I want to see the actual transcripts which do not appear to have been released so far, which in itself is highly suspicious.
Re:The 'test' was fixed (Score:5, Insightful)
Interrogator: In the first line of your sonnet which reads "Shall I compare thee to a summer's day," would not "a spring day" do as well or better?
Witness: It wouldn't scan.
Interrogator: How about "a winter's day," That would scan all right.
Witness: Yes, but nobody wants to be compared to a winter's day.
Interrogator: Would you say Mr. Pickwick reminded you of Christmas?
Witness: In a way.
Interrogator: Yet Christmas is a winter's day, and I do not think Mr. Pickwick would mind the comparison.
Witness: I don't think you're serious.
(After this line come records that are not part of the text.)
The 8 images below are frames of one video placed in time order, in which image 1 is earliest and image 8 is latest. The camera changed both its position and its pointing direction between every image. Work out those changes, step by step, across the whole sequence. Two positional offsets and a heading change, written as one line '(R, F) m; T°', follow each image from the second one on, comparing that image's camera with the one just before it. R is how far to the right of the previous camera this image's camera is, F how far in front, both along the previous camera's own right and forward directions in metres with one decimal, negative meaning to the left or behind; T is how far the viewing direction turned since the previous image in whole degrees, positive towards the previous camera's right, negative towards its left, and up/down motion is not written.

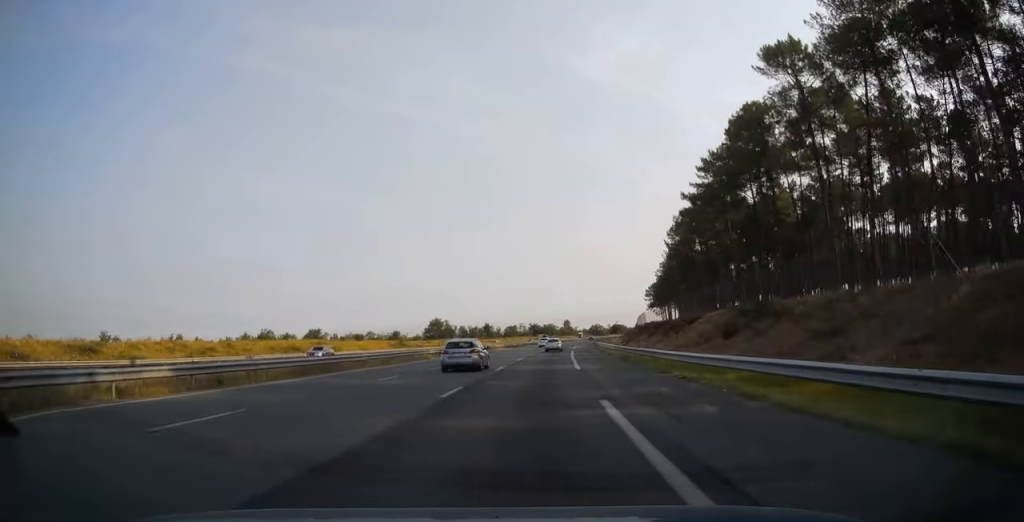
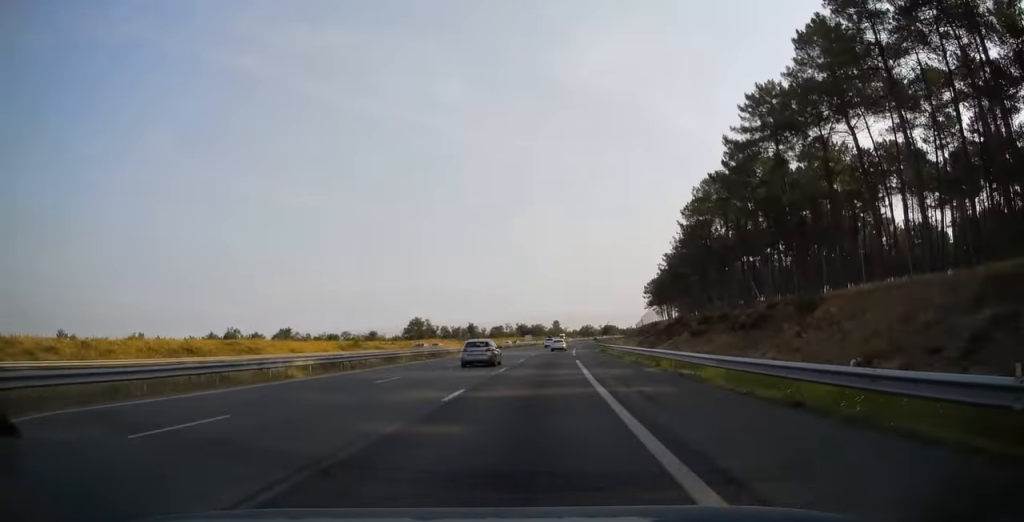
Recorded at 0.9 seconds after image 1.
(+0.3, +26.5) m; +1°
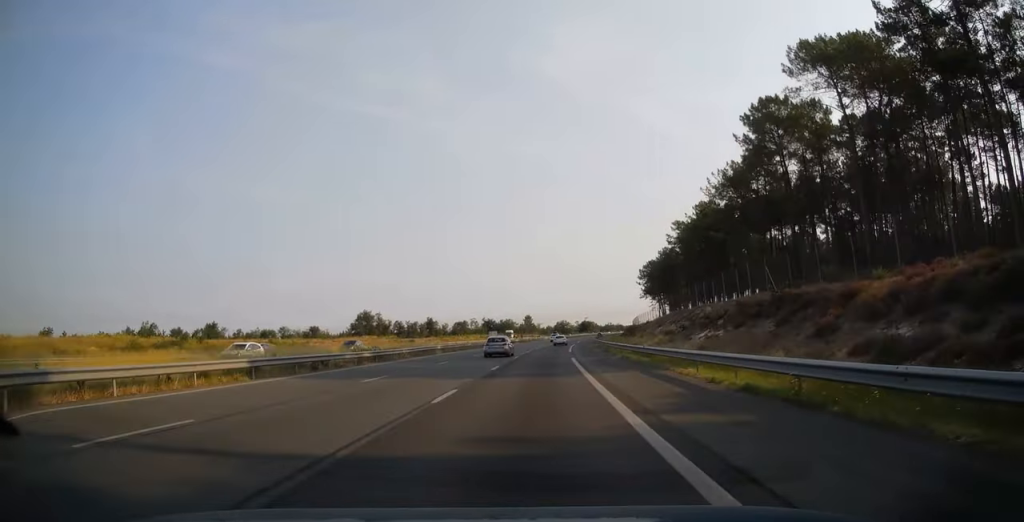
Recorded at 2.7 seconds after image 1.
(+1.0, +53.0) m; +2°
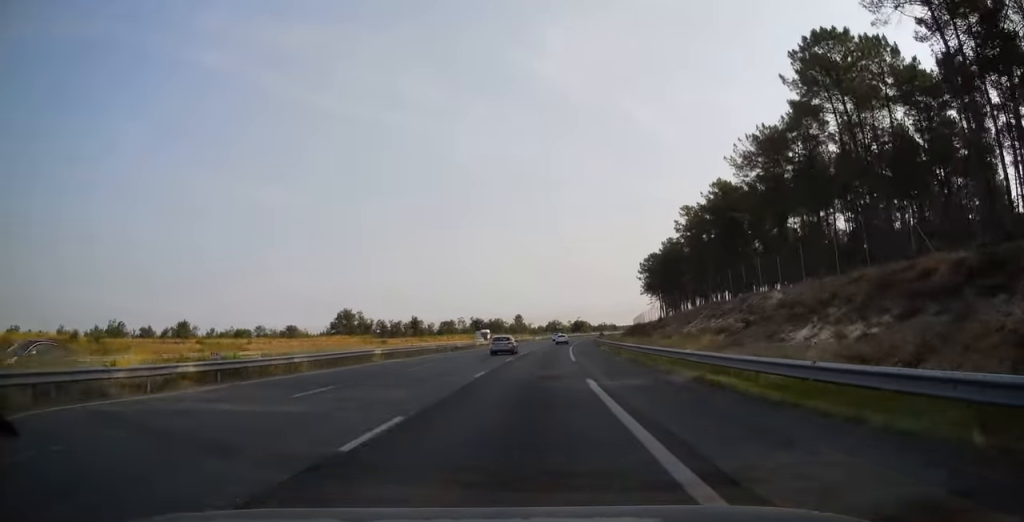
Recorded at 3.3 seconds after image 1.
(+0.2, +18.2) m; +1°
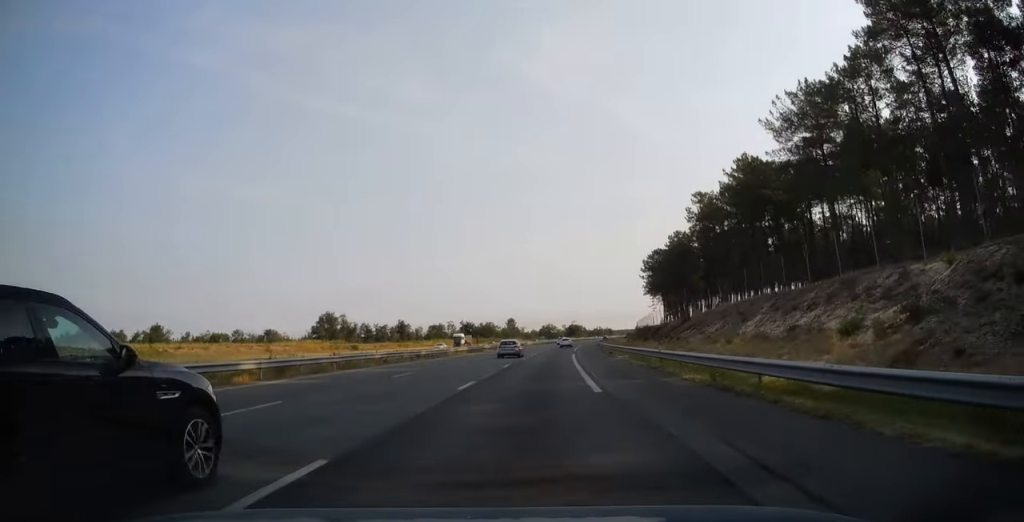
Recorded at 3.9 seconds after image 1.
(+0.1, +16.7) m; +1°
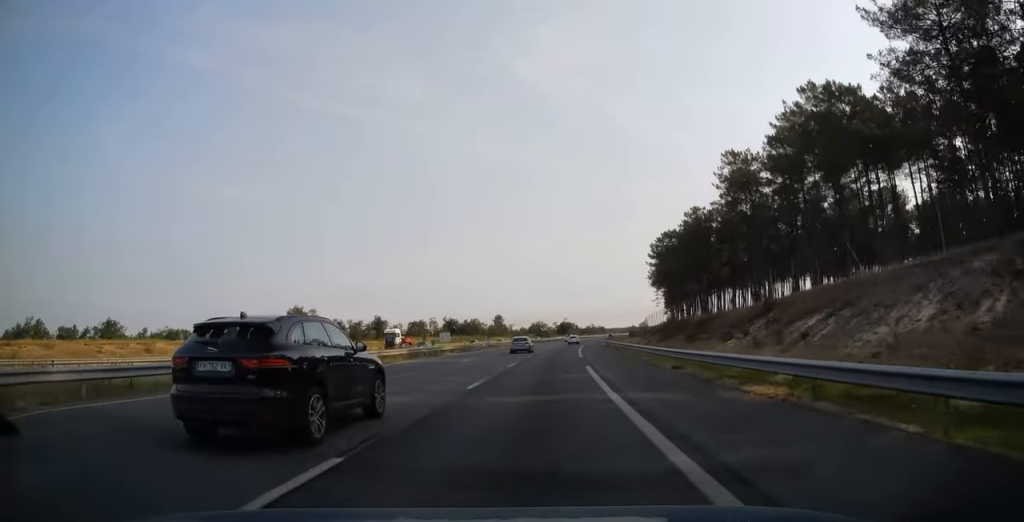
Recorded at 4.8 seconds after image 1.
(+0.2, +26.0) m; +1°
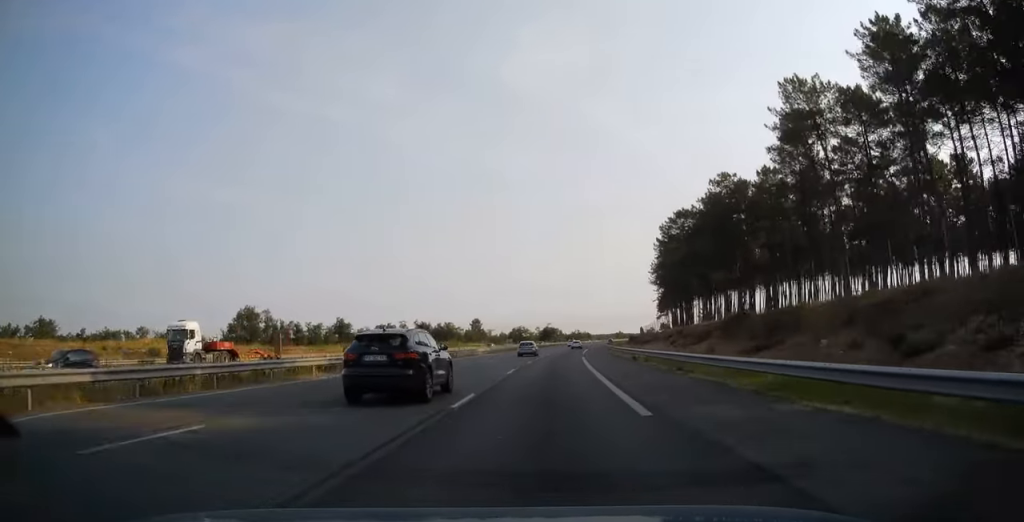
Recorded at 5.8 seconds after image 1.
(+0.4, +30.0) m; +2°
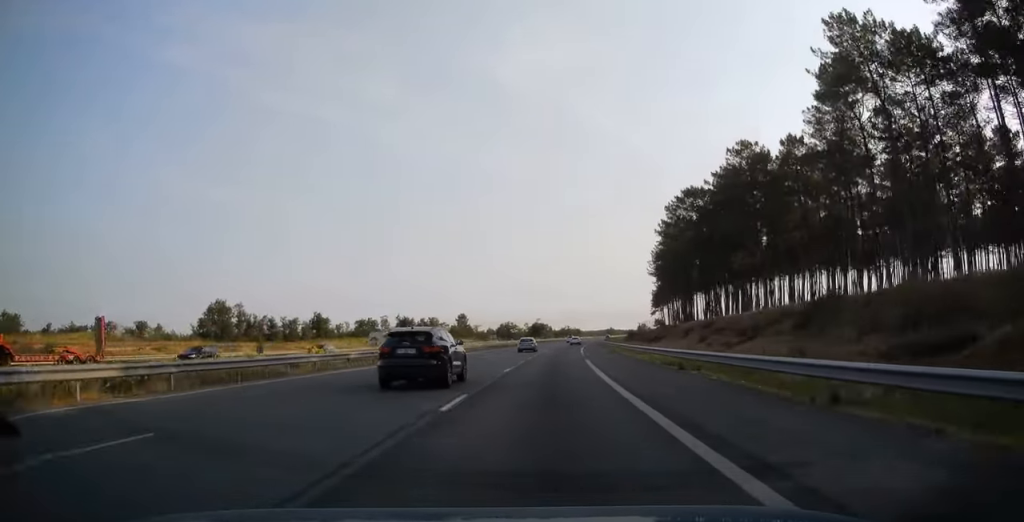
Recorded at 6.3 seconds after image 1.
(+0.2, +14.2) m; +1°

By a winter's day one means a typical winter's day, rather than a special one like Christmas.
I think the problem is that the way Turing was picturing the test, the human interrogators would be as smart as Turing and his friends, people who actually know how to ask probing questions. When you look at the conversation above, you see that he had in mind a program that does things which is decades beyond of what chatbots can do today. Everybody is dissing the Turing test, and if it has a problem, it's in that Turing overestimated people, in assuming that they actually know how to have conversations of significance. I still think there is something deeply significant about the Turing test, but in the one that I'm picturing, the interrogators must all be broadly educated experts on natural language processing with specific training in how to expose chatbots. And there should be money on the line for the interrogators: $1000 bonus for each correct identification, $2000 penalty for incorrect identification, no penalty for "not sure". If the majority of such experts can be fooled by an AI under these circumstances, then I think we should all be impressed.